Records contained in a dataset
——————

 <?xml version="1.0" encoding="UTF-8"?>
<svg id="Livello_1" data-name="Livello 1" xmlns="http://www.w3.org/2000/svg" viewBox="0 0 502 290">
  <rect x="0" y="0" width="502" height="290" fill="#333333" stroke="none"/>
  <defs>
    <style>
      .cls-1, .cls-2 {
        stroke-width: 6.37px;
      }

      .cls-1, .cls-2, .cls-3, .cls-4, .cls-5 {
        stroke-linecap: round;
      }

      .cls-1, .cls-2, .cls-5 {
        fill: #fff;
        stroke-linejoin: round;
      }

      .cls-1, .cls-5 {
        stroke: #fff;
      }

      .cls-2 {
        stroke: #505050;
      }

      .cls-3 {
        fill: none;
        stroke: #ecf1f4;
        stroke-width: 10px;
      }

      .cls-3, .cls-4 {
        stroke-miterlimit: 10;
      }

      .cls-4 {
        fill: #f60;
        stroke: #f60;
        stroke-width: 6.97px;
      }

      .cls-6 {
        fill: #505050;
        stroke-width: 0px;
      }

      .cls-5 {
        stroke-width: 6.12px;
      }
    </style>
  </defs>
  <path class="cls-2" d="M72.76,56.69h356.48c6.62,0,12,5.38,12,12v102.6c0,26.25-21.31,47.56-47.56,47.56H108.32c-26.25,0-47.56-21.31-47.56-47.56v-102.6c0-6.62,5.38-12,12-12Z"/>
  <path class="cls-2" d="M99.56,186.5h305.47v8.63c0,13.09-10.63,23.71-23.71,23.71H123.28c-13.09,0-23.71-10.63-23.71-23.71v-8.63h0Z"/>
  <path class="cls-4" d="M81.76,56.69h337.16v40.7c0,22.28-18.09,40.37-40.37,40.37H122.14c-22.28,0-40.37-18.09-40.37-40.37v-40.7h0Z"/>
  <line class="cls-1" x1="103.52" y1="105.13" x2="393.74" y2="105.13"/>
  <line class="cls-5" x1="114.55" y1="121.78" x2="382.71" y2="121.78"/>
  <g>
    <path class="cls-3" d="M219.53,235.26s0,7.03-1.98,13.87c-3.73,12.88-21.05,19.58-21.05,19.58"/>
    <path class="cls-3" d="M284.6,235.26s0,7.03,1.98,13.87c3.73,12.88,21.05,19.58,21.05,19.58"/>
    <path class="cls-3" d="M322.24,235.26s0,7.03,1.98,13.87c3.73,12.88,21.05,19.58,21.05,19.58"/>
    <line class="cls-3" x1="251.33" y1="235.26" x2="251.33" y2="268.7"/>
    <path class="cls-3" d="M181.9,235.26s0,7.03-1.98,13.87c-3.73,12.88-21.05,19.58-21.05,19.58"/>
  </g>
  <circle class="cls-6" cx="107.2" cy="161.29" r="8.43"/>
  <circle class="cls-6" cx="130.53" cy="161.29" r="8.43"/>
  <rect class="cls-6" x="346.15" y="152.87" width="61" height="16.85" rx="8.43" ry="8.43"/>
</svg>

——————

◆ **Task brief**
All of the data above should be reproduced exactly, with nothing missing.

◆ **Response**
 <?xml version="1.0" encoding="UTF-8"?>
<svg id="Livello_1" data-name="Livello 1" xmlns="http://www.w3.org/2000/svg" viewBox="0 0 502 290">
  <rect x="0" y="0" width="502" height="290" fill="#333333" stroke="none"/>
  <defs>
    <style>
      .cls-1, .cls-2 {
        stroke-width: 6.37px;
      }

      .cls-1, .cls-2, .cls-3, .cls-4, .cls-5 {
        stroke-linecap: round;
      }

      .cls-1, .cls-2, .cls-5 {
        fill: #fff;
        stroke-linejoin: round;
      }

      .cls-1, .cls-5 {
        stroke: #fff;
      }

      .cls-2 {
        stroke: #505050;
      }

      .cls-3 {
        fill: none;
        stroke: #ecf1f4;
        stroke-width: 10px;
      }

      .cls-3, .cls-4 {
        stroke-miterlimit: 10;
      }

      .cls-4 {
        fill: #f60;
        stroke: #f60;
        stroke-width: 6.97px;
      }

      .cls-6 {
        fill: #505050;
        stroke-width: 0px;
      }

      .cls-5 {
        stroke-width: 6.12px;
      }
    </style>
  </defs>
  <path class="cls-2" d="M72.76,56.69h356.48c6.62,0,12,5.38,12,12v102.6c0,26.25-21.31,47.56-47.56,47.56H108.32c-26.25,0-47.56-21.31-47.56-47.56v-102.6c0-6.62,5.38-12,12-12Z"/>
  <path class="cls-2" d="M99.56,186.5h305.47v8.63c0,13.09-10.63,23.71-23.71,23.71H123.28c-13.09,0-23.71-10.63-23.71-23.71v-8.63h0Z"/>
  <path class="cls-4" d="M81.76,56.69h337.16v40.7c0,22.28-18.09,40.37-40.37,40.37H122.14c-22.28,0-40.37-18.09-40.37-40.37v-40.7h0Z"/>
  <line class="cls-1" x1="103.52" y1="105.13" x2="393.74" y2="105.13"/>
  <line class="cls-5" x1="114.55" y1="121.78" x2="382.71" y2="121.78"/>
  <g>
    <path class="cls-3" d="M219.53,235.26s0,7.03-1.98,13.87c-3.73,12.88-21.05,19.58-21.05,19.58"/>
    <path class="cls-3" d="M284.6,235.26s0,7.03,1.98,13.87c3.73,12.88,21.05,19.58,21.05,19.58"/>
    <path class="cls-3" d="M322.24,235.26s0,7.03,1.98,13.87c3.73,12.88,21.05,19.58,21.05,19.58"/>
    <line class="cls-3" x1="251.33" y1="235.26" x2="251.33" y2="268.7"/>
    <path class="cls-3" d="M181.9,235.26s0,7.03-1.98,13.87c-3.73,12.88-21.05,19.58-21.05,19.58"/>
  </g>
  <circle class="cls-6" cx="107.2" cy="161.29" r="8.43"/>
  <circle class="cls-6" cx="130.53" cy="161.29" r="8.43"/>
  <rect class="cls-6" x="346.15" y="152.87" width="61" height="16.85" rx="8.43" ry="8.43"/>
</svg>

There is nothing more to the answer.